2002-07-30 Thread pll



> On Tue, 30 Jul 2002, "Jon" == Jon Hall wrote:

  Jon> "One of the features prominently advertised by Intuit for
  Jon> QuickBooks 2001 was the ability to send invoices via e-mail,"
  Jon> says Ms. Billings. "With this latest update, I had to accept
  Jon> a new TOS [Terms of Service] agreement in order to keep using
  Jon> this feature.

Hmmm, I know this is probably way beyond the grasp of the average 
user like "Ms.

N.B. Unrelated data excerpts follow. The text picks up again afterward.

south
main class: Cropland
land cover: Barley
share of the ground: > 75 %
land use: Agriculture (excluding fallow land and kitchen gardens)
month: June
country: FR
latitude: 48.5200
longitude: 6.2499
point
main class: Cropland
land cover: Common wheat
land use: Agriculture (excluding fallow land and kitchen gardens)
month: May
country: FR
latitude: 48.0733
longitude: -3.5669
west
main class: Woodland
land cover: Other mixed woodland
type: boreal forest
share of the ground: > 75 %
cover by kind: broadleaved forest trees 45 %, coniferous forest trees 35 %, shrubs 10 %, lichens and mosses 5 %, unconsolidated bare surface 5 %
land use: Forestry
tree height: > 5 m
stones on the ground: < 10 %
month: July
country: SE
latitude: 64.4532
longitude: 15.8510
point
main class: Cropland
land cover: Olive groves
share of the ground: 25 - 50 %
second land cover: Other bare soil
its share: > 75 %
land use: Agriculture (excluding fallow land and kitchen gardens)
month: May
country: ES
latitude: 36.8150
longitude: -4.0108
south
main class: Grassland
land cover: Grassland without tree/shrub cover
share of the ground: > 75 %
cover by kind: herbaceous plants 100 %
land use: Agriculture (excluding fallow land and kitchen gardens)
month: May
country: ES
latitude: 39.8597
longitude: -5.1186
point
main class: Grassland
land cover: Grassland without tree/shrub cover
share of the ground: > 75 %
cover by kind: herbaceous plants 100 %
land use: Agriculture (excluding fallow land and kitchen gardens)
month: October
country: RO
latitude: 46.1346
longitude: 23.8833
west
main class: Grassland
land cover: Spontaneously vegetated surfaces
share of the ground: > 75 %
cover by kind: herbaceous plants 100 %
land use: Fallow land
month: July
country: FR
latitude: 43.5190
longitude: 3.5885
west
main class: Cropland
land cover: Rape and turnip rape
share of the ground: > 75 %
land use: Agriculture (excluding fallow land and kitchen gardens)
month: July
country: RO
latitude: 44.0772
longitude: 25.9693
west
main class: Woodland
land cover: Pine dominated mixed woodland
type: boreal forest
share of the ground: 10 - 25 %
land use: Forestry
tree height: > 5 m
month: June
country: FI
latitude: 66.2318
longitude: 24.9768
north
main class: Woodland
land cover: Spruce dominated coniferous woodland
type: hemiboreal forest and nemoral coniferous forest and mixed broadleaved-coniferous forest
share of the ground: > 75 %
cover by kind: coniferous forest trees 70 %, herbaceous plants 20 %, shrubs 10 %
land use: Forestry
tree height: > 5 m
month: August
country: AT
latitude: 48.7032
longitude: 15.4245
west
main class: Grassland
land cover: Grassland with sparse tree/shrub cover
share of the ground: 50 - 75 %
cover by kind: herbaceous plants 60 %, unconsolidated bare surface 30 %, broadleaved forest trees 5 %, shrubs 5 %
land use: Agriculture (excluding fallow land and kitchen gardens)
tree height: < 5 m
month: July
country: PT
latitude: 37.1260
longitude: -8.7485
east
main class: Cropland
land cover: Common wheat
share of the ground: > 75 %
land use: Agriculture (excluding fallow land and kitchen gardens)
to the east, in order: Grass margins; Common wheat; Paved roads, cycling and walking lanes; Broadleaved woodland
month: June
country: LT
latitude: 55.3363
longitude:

Billings", however, couldn't she choose to print the 
invoice, select "print to file" and mail the postscript file herself?
That's what I'd do to get around this.  Why in the world would anyone 
want to have this type of e-mail go through an unknown mail server 
like Intuit's?  Of course, non-geeks are likely to be completely 
clueless as to how e-mail works, never mind what servers their e-mail 
travels through.

Hmmm, I don't suppose there's the option to encrypt said invoices 
*before* mailing it out, huh?  Of course, that would pre-suppose that 
each party created and supplied the invoicing user with a public 
encryption key.

I don't like the USPS overly much, but at least (AFAIK), they don't 
currently read my mail as it passes through their facilities :)
-- 

Seeya,
Paul
--
It may look like I'm just sitting here doing nothing,
   but I'm really actively waiting for all my problems to go away.

 If you're not having fun, you're not doing it right!